Friday, July 18, 2025

A Drop of Good News Falls From the Pervasive Dark Clouds of Doom!

 



Something good has actually happened for the future of democracy someplace! Not in the U.S., natch, but in the land of Viginia Woolf and Thomas Hobbes. You know, our (one-time) close ally, England. Those hiding in their American basements between their meat freezers and their dart boards may wonder what it is that I believe ought have their populace absolutely chuffed. So, I will keep them in suspense no longer: ENGLAND HAVE/HAS LOWERED THE VOTING AGE IN NATIONAL ELECTIONS TO 16! 

There will, no doubt, be those who doubt that  this is really a good thing. In fact, the U.S. is home to a burgeoning new movement that advocates for the removal of suffrage from women (or, I suppose, those assigned Female at birth, or conception, or whatever this group thinks is the Godly way to put this sought after restriction). What those concerned gentlemen (mostly gents, anyhow) are quite sure of is that women don't "have what it takes" to be allowed to make a difference in their country based on their views--unless any difference-making opportunity they're given consists solely in begging their husbands, and that is something for which I think it's deemed OK by this group to beat them.

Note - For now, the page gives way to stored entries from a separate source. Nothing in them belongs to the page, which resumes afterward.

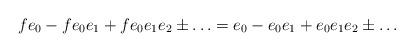
LaTeX: \begin{align*} f e_0 - f e_0 e_1 + f e_0 e_1 e_2 \pm \ldots = e_0 - e_0 e_1 + e_0 e_1 e_2 \pm \ldots\end{align*}
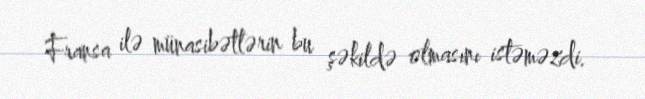
Fransa ilə münasibətlərin bu şəkildə olmasını istəməzdi.
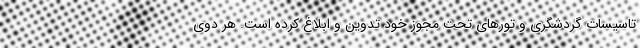
تاسیسات گردشگری و تورهای تحت مجوز خود تدوین و ابلاغ کرده است. هر دوی
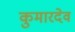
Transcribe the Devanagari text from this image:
कुमारदेव
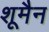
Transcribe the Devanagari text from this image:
शूमैन
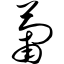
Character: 葡
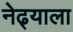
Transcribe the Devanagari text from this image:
नेढ्याला
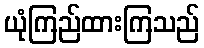
ယုံကြည်ထားကြသည်
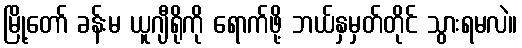
မြို့တော် ခန်းမ ယူဂျီရိုကို ရောက်ဖို့ ဘယ်နှမှတ်တိုင် သွားရမလဲ။
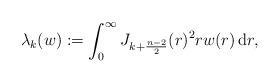
LaTeX: \begin{align*}\lambda_k(w):=\int_0^\infty J_{k+\frac{n-2}{2}}(r)^2 r w(r)\,\mathrm{d}r,\end{align*}
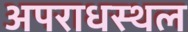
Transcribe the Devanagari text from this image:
अपराधस्थल
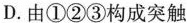
D.由①②③构成突触

Now, of course, the proportion of the U.S. population that denies that 16- and 17-year olds have the mysterious something required to be eligible for voting rights is considerably larger than the fringe group that would remove women's suffrage. Indeed, the anti-youth vote segment even contains multitudes of women! It's not a marginal group at all. It's just those people who can be heard to say, "Teens simply aren't ready. I mean, have you ever talked to one? Let me get Bracey away from his screens for a minute and you'll see what I mean!"

These sorts of pronouncements aren't new: "They don't pay taxes! They don't know anything! They can't buy a rifle or get a mortgage! They never work! They don't care about anything but video games, halter top styles, muffin recipes, fantasy football or porn! For heaven's sake, if you think about this even for a minute, you'll see that it's a ridiculous-- even disgusting--idea!"

Of course, the same charges have long been--and in numerous quarters still are--aimed at non-caucasions--regardless of gender. 

I discuss this matter at some length in Chapter 6 of my book on democratic theory (which if you haven't yet read in its entirety, tsk, tsk). However, I am so delighted at seeing this news about what's happening in the Parliamentary world of dear Bertie that I will provide an excerpt from that book here. [For those who are already sick of reading at this point, the bottom line is: midteens should be allowed to vote, and democracy is that much worse where this right is not granted.]

First, there are a few pages spent on discussing the numerous arguments that have been brought against teen voting for centuries. I omit them here, as well as any footnotes to what I will reproduce. The text continues as follows:

So, what should voters be able to do? According to Vivian Hamilton (2011, 53), “a minimally competent voting decision involves the appropriate application and coordination of various reasoning processes to make a choice that could be justified by a good reason.” This is because, on her view (2011, 52-62), the ability to cast a non-random vote requires minimal competence in all of the following:

• The ability to learn and retrieve information.

• The ability to form mental representations of information.

• At least some ability to reason inductively, deductively and analogically.

• The ability to apply and coordinate reasoned inferences to some goal, like the solving of a problem or the making of a decision.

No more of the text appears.